Un lugar especial ocupan las fotografías del chileno Nicolás Franco. Más allá del tema y la elaboración de una historia, la materia en sí misma exhibe producciones notables. Las imágenes de Franco parecen provenir de la desclasificación de archivos secretos. La galerista Florencia Giordana señala que las inmensas superficies negras cubren partes de un rostro o de un cuerpo mutilado. A la brutalidad del tema se contrapone el esmerado tratamiento de los grandes planos sutilmente desgarrados en riguroso blanco y negro. Hay que investigar la obra para encontrar el significado.
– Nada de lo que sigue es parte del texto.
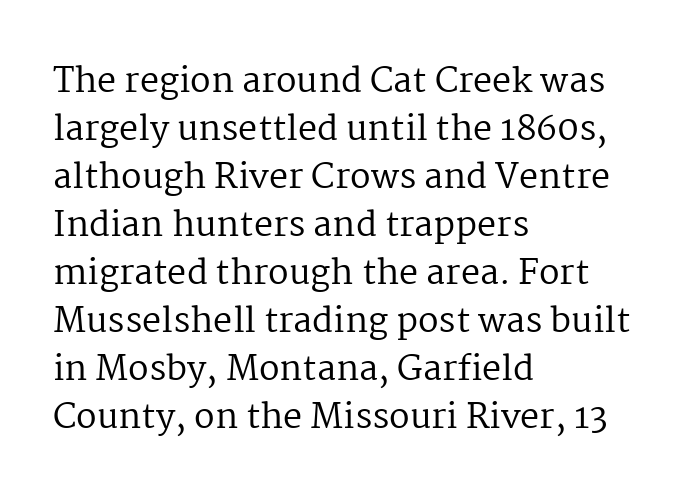
This is roman type, the default non-slanted kind. The gaps between neighbouring characters are ordinary and unremarkable. Yep, those are serifs on the letters. Vertical spacing — default. The typesetting does not lean heavy: it is not bold. Alignment: flush left.
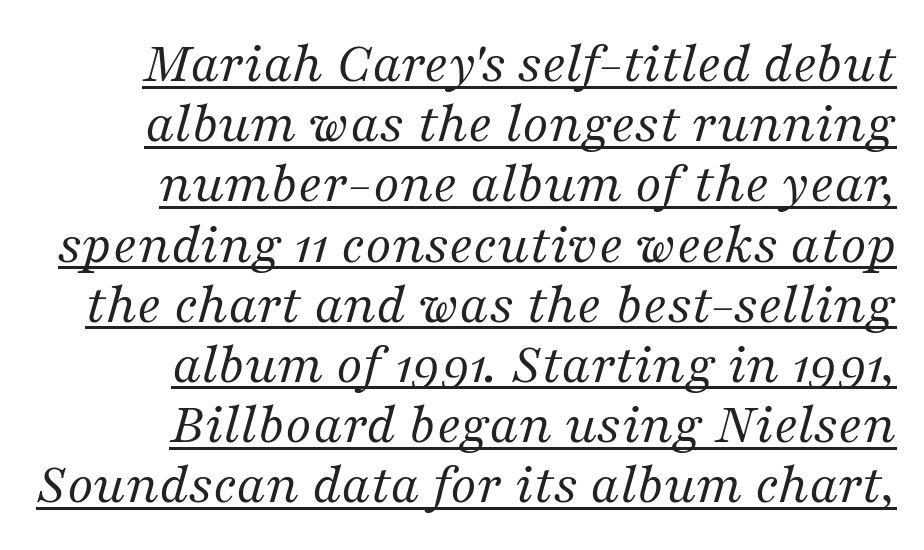
{"serif": "yes", "italic": "yes", "lean": "right", "slant_degrees": 16, "bold": "no", "weight": "regular", "width": "normal", "stroke_contrast": "medium", "x_height": "medium", "monospaced": "no", "underline": "yes", "align": "right", "line_spacing": "tight", "line_spacing_ratio": 1.02, "letter_spacing": "normal", "letter_spacing_em": 0.0, "glyph_px": 59}

Por otra parte, en la extensa galería lindera al Patio del Tilo, están los espacios institucionales donde vale un llamado de atención a la curaduría del Banco Ciudad de Buenos Aires, un aplauso a Nidera y, un análisis al espacio "Fuera de Foco" destinado a las galerías jóvenes. Estefanía Landesmann les pega una vuelta de tuerca (aunque sin citarlas) a las pilas ilimitadas de láminas del cubano Félix González Torres. Las pilas de ambos crecen y se reponen en la misma medida que disminuyen. De este modo, González Torres atacaba la gráfica de edición limitada cuyo precio se sostiene en base a la exclusividad, mientras Landesmann amenaza con la desaparición de la imagen. Sus hermosas imágenes se desintegran al igual que un recuerdo, paulatinamente. Su idea, según explica, "se traduce en una instalación de tres afiches fotográficos replicados en cientos de copias impresas en papel. Durante la impresión se irá regulando progresivamente la inyección de pigmento sobre el papel para que pliego a pliego la imagen vaya perdiendo saturación y fuerza, hasta gastar el tóner". La imagen acaba desapareciendo.

A las propuestas de los jóvenes, Buenos Aires Photo sumó Wunderkammer, el sector dedicado exclusivamente a la fotografía antigua. Un abismo los separa. Pero el universo de los álbumes fotográficos, daguerrotipos y otras técnicas decimonónicas resulta fascinante, permite ver cómo era nuestra sociedad decimonónica y cuál era el rostro de los personajes de nuestra historia.

La Colección Vertanesian recorre con piezas únicas los primeros veinticinco años de la fotografía como género. En ediciones anteriores la feria marcó un positivo avance para la fotografía argentina con sus planes de difusión y hoy vuelve para despertar el interés de los coleccionistas y el público en general que, ¿por qué negarlo? hasta hace poco más de una década permanecía indiferente.

El mercado de Buenos Aires Photo, como el del resto del mundo, crece en la medida que aumenta el gusto por la fotografía y los conocimientos de los compradores. En este sentido, vale la pena destacar el intenso trabajo de difusión acerca de los principios básicos para iniciarse en este mercado que encararon desde hace años artistas como Sara Facio o Juan Travnik, entre otros, además de las galerías e instituciones.